Un mot d’ordre, la sobriété globale

La trajectoire de sobriété établie pour le bassin Rhin-Meuse s’appuie sur l’analyse des tendances d’évolution des prélèvements issues de données de redevances de l’agence de l’eau, sur l’évolution des facteurs susceptibles d’influencer les prélèvements ainsi que les actions envisagées pour les limiter.

Afin de réduire de 10% les prélèvements à l’horizon 2030, voici les objectifs par usages de l’eau :

- Canaux de navigation : -11%

- Eau potable : -11%

- Industrie : -10%

- Énergie : -10% à l’échelle du parc nucléaire français

- Agriculture : Conserver une stabilité globale des prélèvements, avec des baisses à prévoir dans les territoires en tension, tout en tenant compte des droits d’eau dont bénéficient certains agricul­teurs alsaciens.

Cela représente une économie globale de 168 millions de mètres cubes annuels à l’horizon 2030 (hors énergie). Assurément pour son premier comité de bassin, Audrey Bardot a engagé le fer avec le changement climatique, bien aidée par une commission qui a su faire de la pédagogie avec pas mal de pragmatisme. L’initiative revient désormais aux acteurs institutionnels que sont en particulier les collectivités pour agir concrètement dans le souci de préserver la ressource en eau.

Voir aussi sur www.eau-rhin-meuse.fr

Le budget 2024 de l’Agence de l’eau

Le budget prévisionnel 2024 de l’Agence de l’eau a été adopté par le conseil d’administration le 23 novembre dernier. « Un budget ouvert à l’action » précise le conseil d’administration.
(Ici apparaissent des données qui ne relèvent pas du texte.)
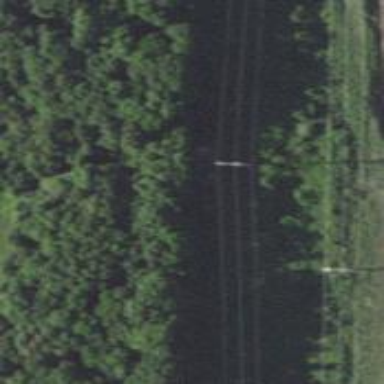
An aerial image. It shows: H-frame designed tower for power lines.
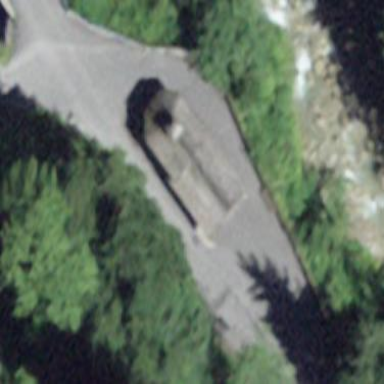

Ce budget propose toujours les mêmes opportunités d’action en matière de transition écologique avec une augmentation de 20% pour les dotations de l’enveloppe Interventions en cette dernière année du 11e programme d’intervention (2019-2024).

• En dépenses relevons les 14,2 M€ pour le personnel, les 4,9 M€ pour le fonctionnement (au 7 novembre 2023), pour les aides accordées aux interventions 229,9 M€ et enfin 3 M€ pour l’investissement.

• Les recettes proviennent des redevances pour 172,79 M€ et 7,31 M€ d’autres recettes.

 

Nappe des (GTI) grès du trias inférieur

Le conseil d’administration de l’agence de l’eau a accueilli avec satisfaction le nouveau contrat de territoire Eau et Climat « Nappes préservées, Terre d’eau engagée » liant l’agence de l’eau, le SIE de Bulgnéville et de la Vallée du Vair, les villes de Vittel et de Contrexéville et la communauté de communes Terre d’Eau. Cet engagement scelle la poursuite de la dynamique et le renforcement de la stratégie impliquant aujourd’hui les collectivités. Le conseil d’administration a souhaité souligner cette cohérence d’actions et saluer le travail d’ensemble porté depuis plusieurs années et visant l’objectif ambitieux de régénération de la nappe.